Sur le front des migrations, chaque jour ressemble au précédent : des départs en masse depuis les côtes libyennes et des débarquements désespérés à Lampedusa. Avec des récits hallucinants sur la traversée et sur le nombre de personnes s’étant noyées lorsqu’une embarcation s’est retournée sous le coup des vagues. Ou que, moteur en avarie, des survivants disent avoir bu leur urine pour ne pas mourir de soif en pleine mer. Récits d’apocalypse mais toujours ferme volonté de gagner à tout prix l’Europe.

Le ministre italien des Affaires étrangères était en visite au Mali, au Niger et au Sénégal la semaine dernière. Paolo Gentiloni a fait part de la détermination de son pays à continuer à sauver des vies en mer. Les garde-côtes italiens sont à pied d’œuvre pour aller toujours au secours des canots de migrants en détresse. Mais cette opération, co-assurée par la mission européenne Frontex et des organisations humanitaires, reste coûteuse. C’est pourquoi, a dit M. Gentiloni aux autorités des trois pays africains visités, il faut sauver les vies au départ, pas à l’arrivée ni pendant la traversée.

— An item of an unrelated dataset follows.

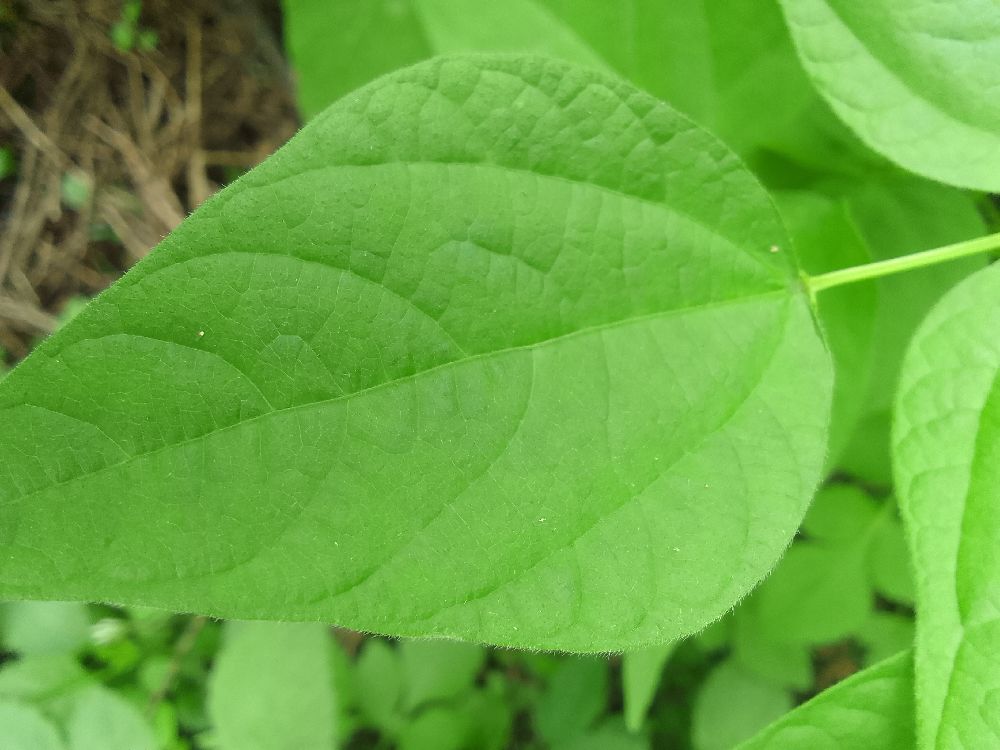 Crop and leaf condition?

L’Italie a accueilli plus de 172.000 migrants depuis le début de l’année, et les flux ne semblent pas prêts de tarir. Pour M. Gentiloni, il faut fermer « la voie libyenne » de transit des migrants qui, de pays en pays, gagnent le Niger puis le désert libyen pour se trouver au plus près des points de départ des bateaux vers l’Europe. Le prix d’une telle entreprise est fort en termes de privations, de sévices subis, de dangers encourus et d’argent dépensé à tous les contrôles des forces de l’ordre ou des bandes de passeurs. Mais rien n’y fait. Toujours on meurt et toujours on repart.

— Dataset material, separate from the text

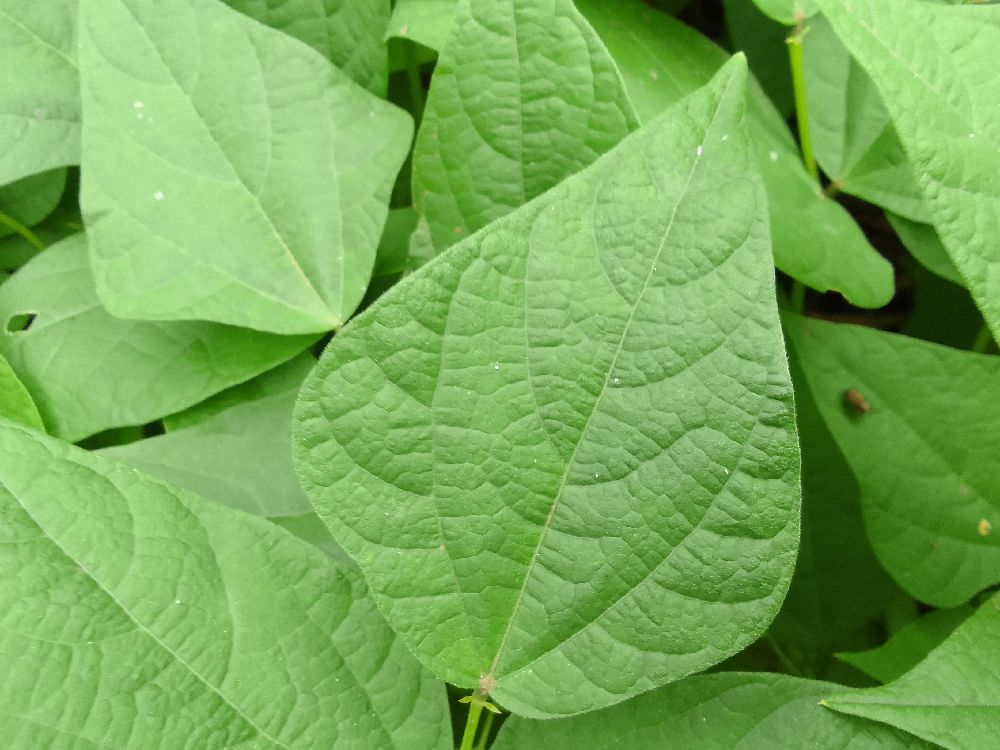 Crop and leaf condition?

common bean, healthy

La lutte contre l’immigration clandestine passe aussi par des mesures accrues contre les réseaux et les trafiquants. Dans une semaine, va s’ouvrir en Sicile le procès de l’Erythréen, Medhanie Yehdego Mered. A 35 ans, il est accusé par la justice italienne d'être « le général » d'un réseau de passeurs ayant envoyé vers l'Europe jusqu'à 8.000 migrants par an, dans des conditions si sordides que beaucoup ne sont jamais arrivés. Mais son avocat, Me Michele Calatropo, affirme photos à l’appui que l'homme qui avait été arrêté en mai à Khartoum et extradé début juin en Italie, s'appelle en réalité Medhanie Tesfamariam Berhe. Il y a donc erreur sur la personne.

Il y a toujours des ficelles pour passer au travers des mailles du filet. Mais depuis le début de l’année, 3000 Africains ont péri noyés en Méditerranée. Rien que dans le canal de Sicile, 18 personnes sont mortes noyées depuis lundi : sept certifiés dans un canot en détresse qui a fait état de plus de 130 disparus, selon le témoignage des humanitaires de Médecins sans frontière (MSF). C’est une tragédie sans fin intolérable, déplore l’ONG.

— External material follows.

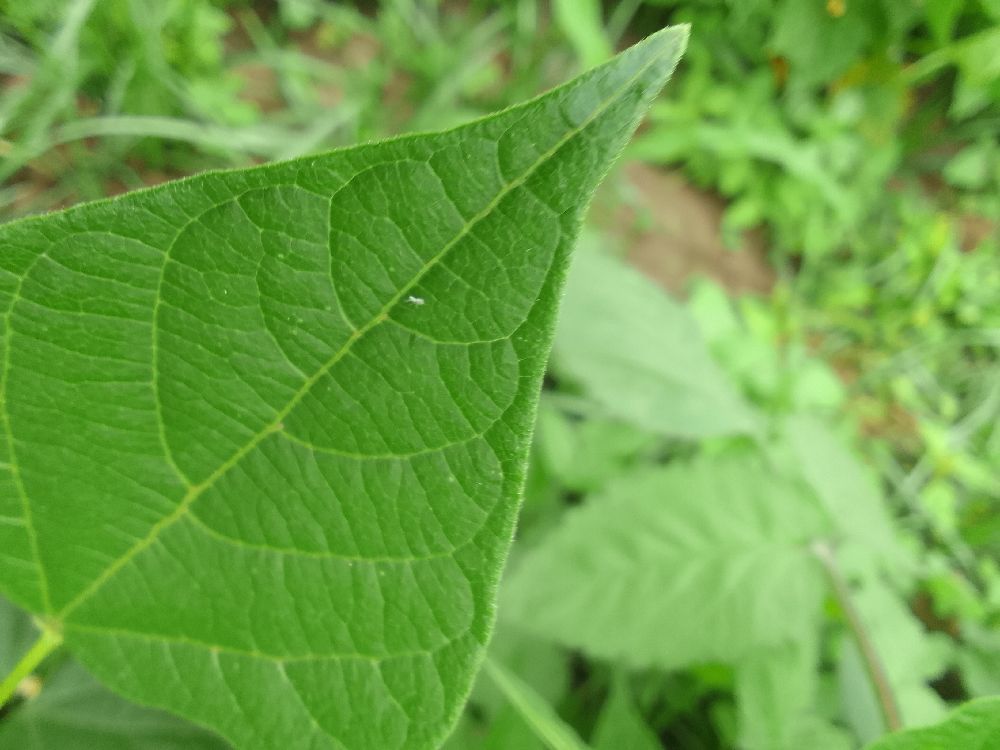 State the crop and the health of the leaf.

common bean, healthy

Pour sa part, Paolo Gentiloni essaie d’appeler de nouveau l’Europe à son devoir de solidarité avec l’Italie, qui fait face seule au poids de cette pression migratoire intenable. « C’est un détonateur potentiel » pour l’Europe, avertit-il. « Nous donnons une très mauvaise image de l’Europe au monde ». Pour lui, l’Italie « corrige fort heureusement cette image auprès de l’opinion publique internationale ».

Mais le patron de la diplomatie italienne reste convaincu que le langage de la vérité est le seul bon, pas la démagogie ou le populisme ni le racisme. « Nous ne devons pas entretenir nos concitoyens dans l’illusion qu’il existe une manière d’arrêter le phénomène, si ce n’est en s’engageant au côté des pays africains ; transformer ce phénomène d’irrégulier à régulier », en le gérant avec les communautés.